Plättchengebundene Antikörper und Neutrophilen-Plättchen-Interaktionen bei verschiedenen Erkrankungen des Hundes

Thrombozyten spielen eine zentrale Rolle bei der Hämostase und Thromboseentstehung und sind maßgeblich an einer Vielzahl weiterer physiologischer und pathophysiologischer Prozesse wie Entzündungsreaktionen, Immunabwehr, Wundheilung und Tumormetas-tasierung beteiligt. Im ersten, retrospektiven Teil dieser Arbeit wurden zugrundeliegende Erkrankungen, sowie klinische und labordiagnostische Merkmale bei thrombozytopenischen Hunden mit und ohne plättchengebundene Antikörper, sowie labordiagnostische Parameter bei Hunden mit vermuteter primärer immunvermittelter Thrombozytopenie (pIMT) (d.h. ohne nachweisbare Ursache) charakterisiert. Dafür wurden die Patientendaten von thrombozytopenischen Hunden, bei denen im Zeitraum von Januar 2004 bis Dezember 2006 ein Test zur Bestimmung von plättchengebundenen Antikörpern mittels Durchflusszytometrie durchgeführt wurde, retrospektiv ausgewertet.

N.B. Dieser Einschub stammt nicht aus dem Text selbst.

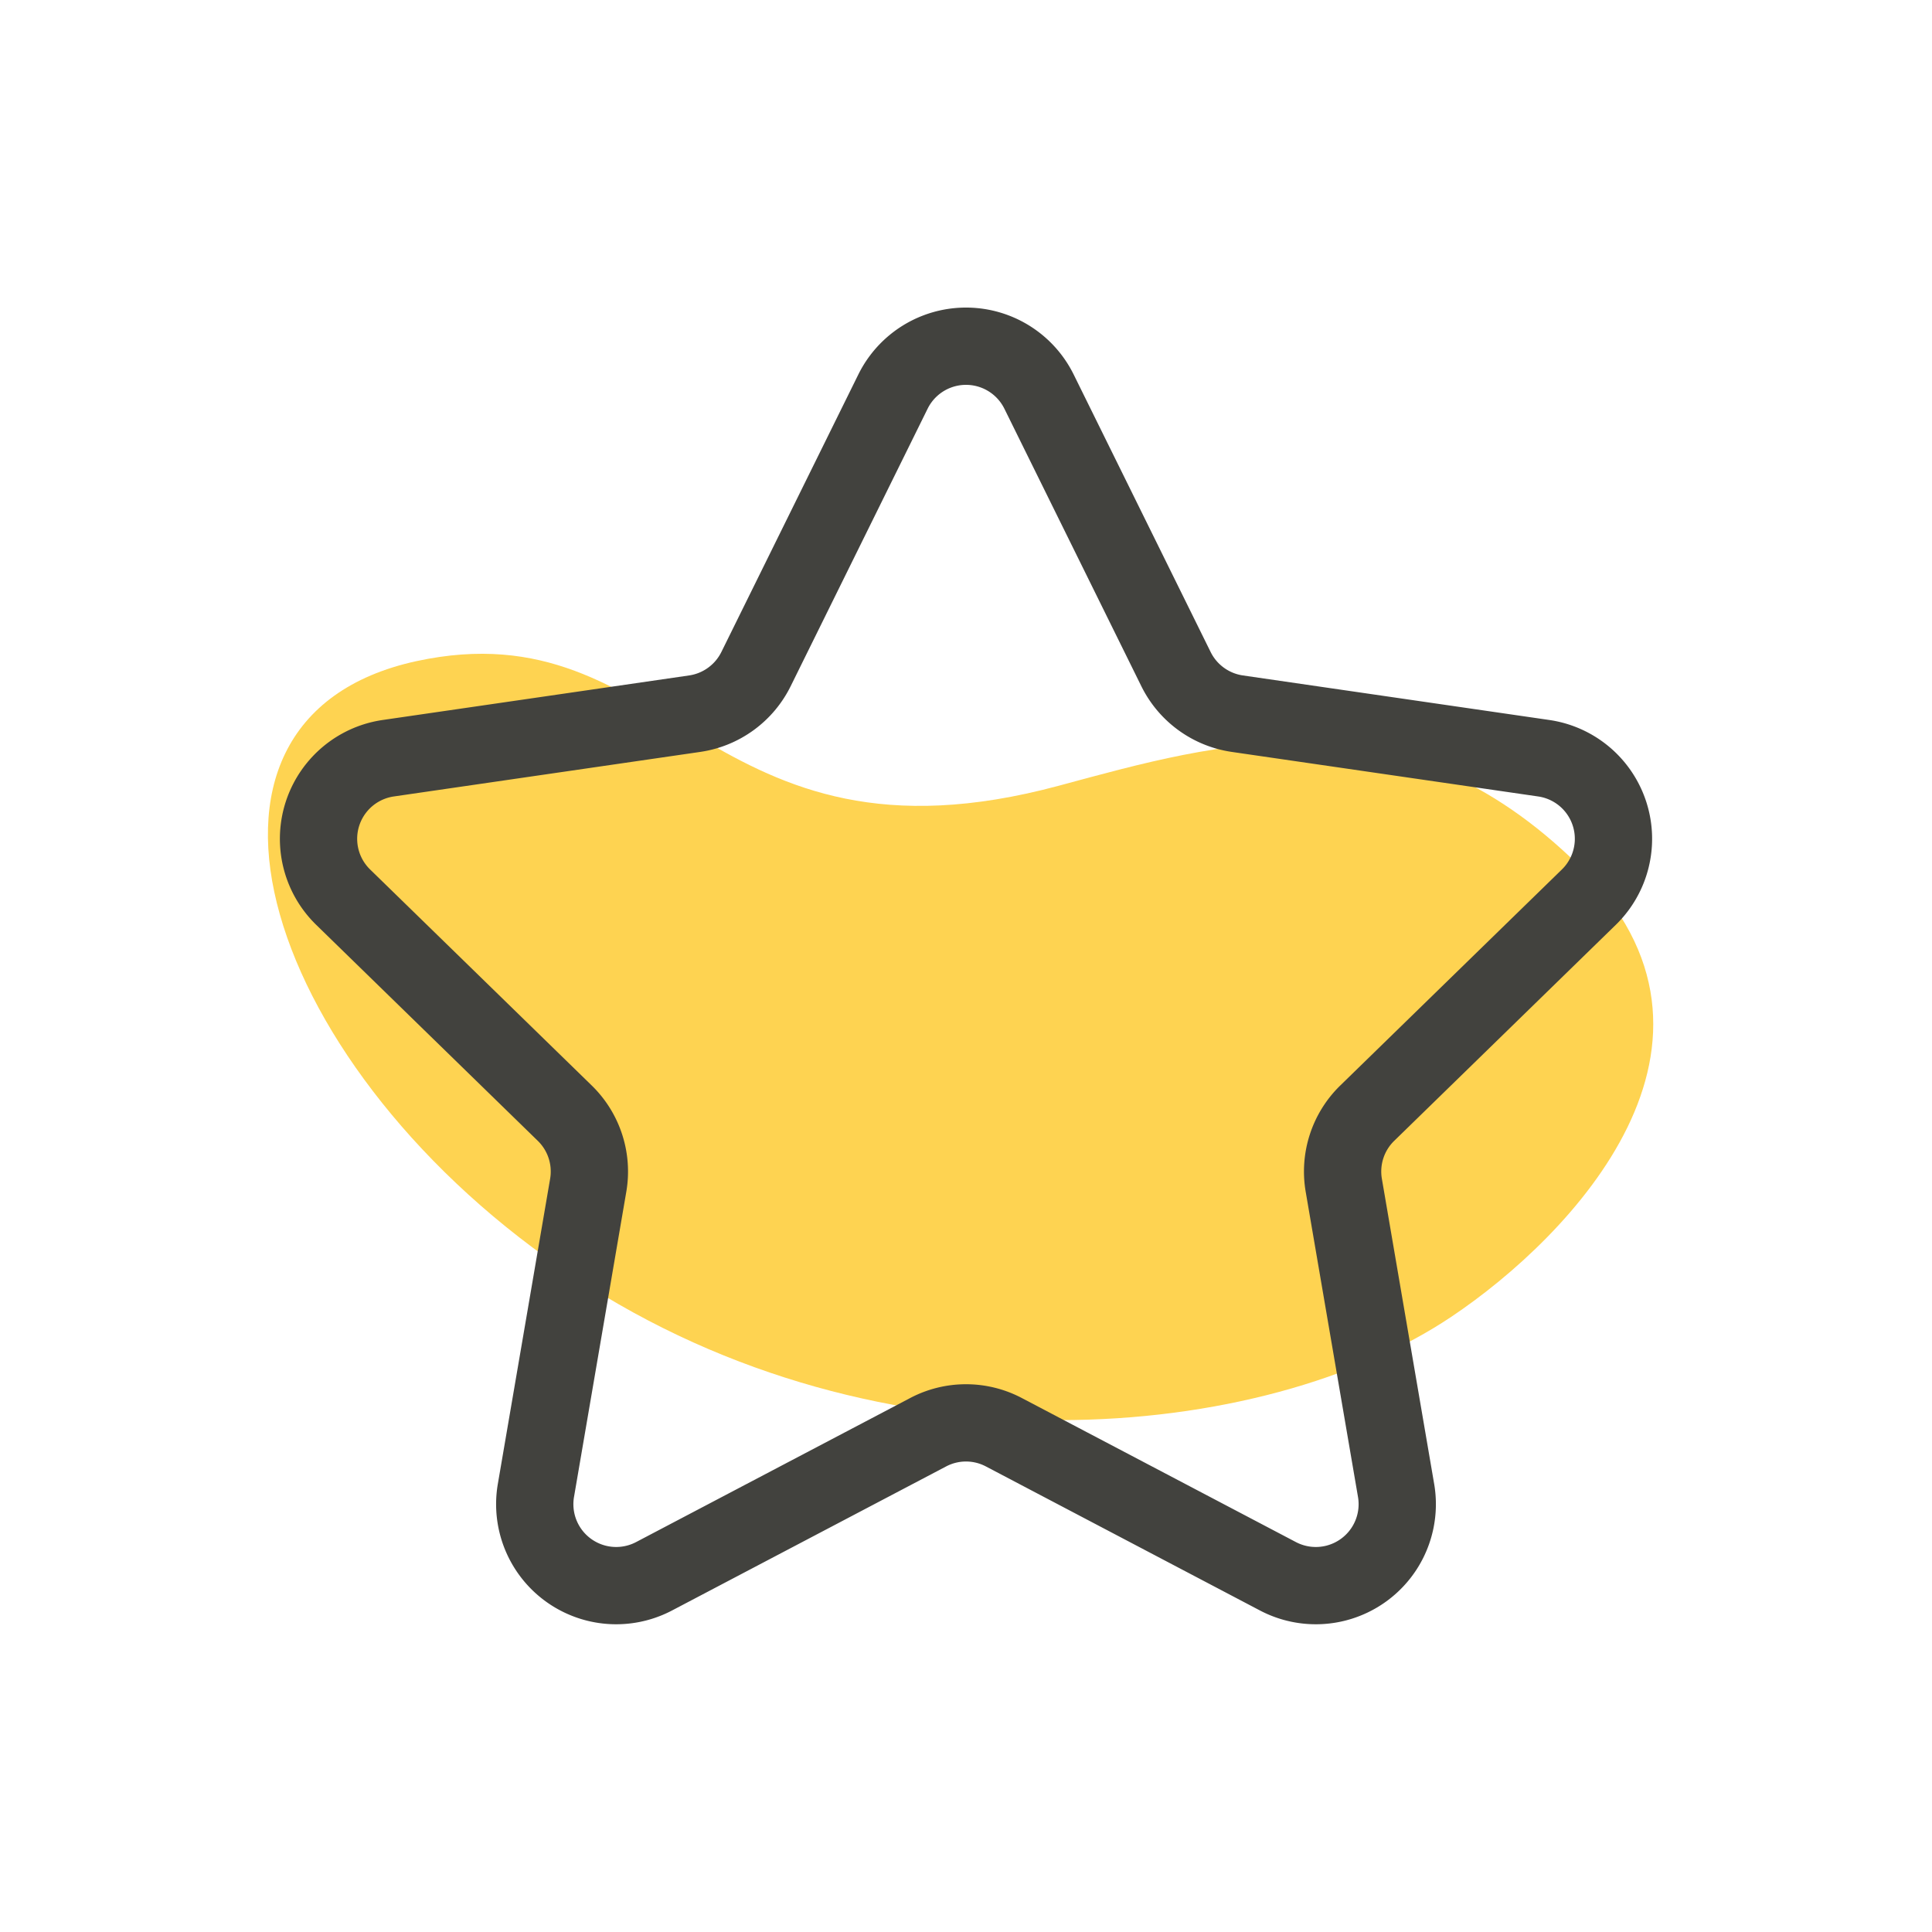 <svg id="Layer_1" data-name="Layer 1" xmlns="http://www.w3.org/2000/svg" viewBox="0 0 200 200"><defs><style>.cls-1{fill:#fed351;}.cls-2{fill:none;stroke:#42423e;stroke-linecap:round;stroke-linejoin:round;stroke-width:8px;}</style></defs><path class="cls-1" d="M150.23,136.32c12.42-8.31,31.8-28.42,13.24-46.7s-37-12.83-53.87-8.28c-36.53,9.83-40.13-18.59-66.49-12.9-27.57,6-15.6,42.65,16.37,63.76S131,149.21,150.23,136.32Z"/><path class="cls-2" d="M107.56,40.54l14.18,28.73a8.44,8.44,0,0,0,6.35,4.61l31.71,4.61a8.43,8.43,0,0,1,4.67,14.39l-22.94,22.36a8.43,8.43,0,0,0-2.42,7.47l5.41,31.57a8.43,8.43,0,0,1-12.24,8.89l-28.35-14.9a8.41,8.41,0,0,0-7.86,0l-28.35,14.9a8.43,8.43,0,0,1-12.24-8.89l5.41-31.57a8.43,8.43,0,0,0-2.42-7.47L35.53,92.88A8.43,8.43,0,0,1,40.2,78.49l31.71-4.61a8.44,8.44,0,0,0,6.35-4.61L92.44,40.54A8.43,8.43,0,0,1,107.56,40.54Z"/></svg>

Bei 37 der 83 Hunde (45%), die in die Studie aufgenommen wurden, konnten plättchengebundene Antikörper gefunden werden. Eine Vielzahl zugrunde liegender Erkrankungen wurden bei Hunden sowohl mit als auch ohne plättchengebundene Antikörper diagnostiziert. Von einer pIMT wurde bei 13 Hunden, bei denen keine Grunderkrankung gefunden werden konnte, ausgegangen.

Die Thrombozytenzahl war signifikant niedriger bei Hunden mit einem positiven Testergebnis für plättchengebundene Antikörper (16 × 103/μl; 2–119 × 103/μl, Median;

Minimum–Maximum ) im Vergleich zu Hunden mit einem negativen Testergebnis (44 × 103/μl; 3–115 × 103/μl) (P = 0,005). Hunde mit einer angenommenen pIMT hatten signifikant niedrigere Thrombozytenzahlen (14 × 103/μl; 2–44 × 103/μl) verglichen mit Hunden mit einer sekundären IMT (sIMT) (31 × 103/μl; 3–119 × 103/μl). Blutungen wurden signifikant häufiger bei Hunden mit plättchengebundenen Antikörpern gesehen (24/37 [65%] versus 18/46 [39%]).

Das mittlere Plättchenvolumen (MPV) war signifikant niedriger bei Hunden mit einem positiven Testergebnis für plättchengebundene Antikörper (12.5 fl; 7.4–20 fl versus 14.8 fl;

7.8–24 fl) (P = 0,01). Weiterhin hatten Hunde ohne plättchengebundene Antikörper (19/33 [58%] signifikant häufiger ein erhöhtes MPV (definiert als MPV > 14.3 fl) als Hunde mit plättchengebundenen Antikörpern (7/26 [27%]). Keiner der Hunde mit einer angenommenen pIMT hatte ein erhöhtes MPV.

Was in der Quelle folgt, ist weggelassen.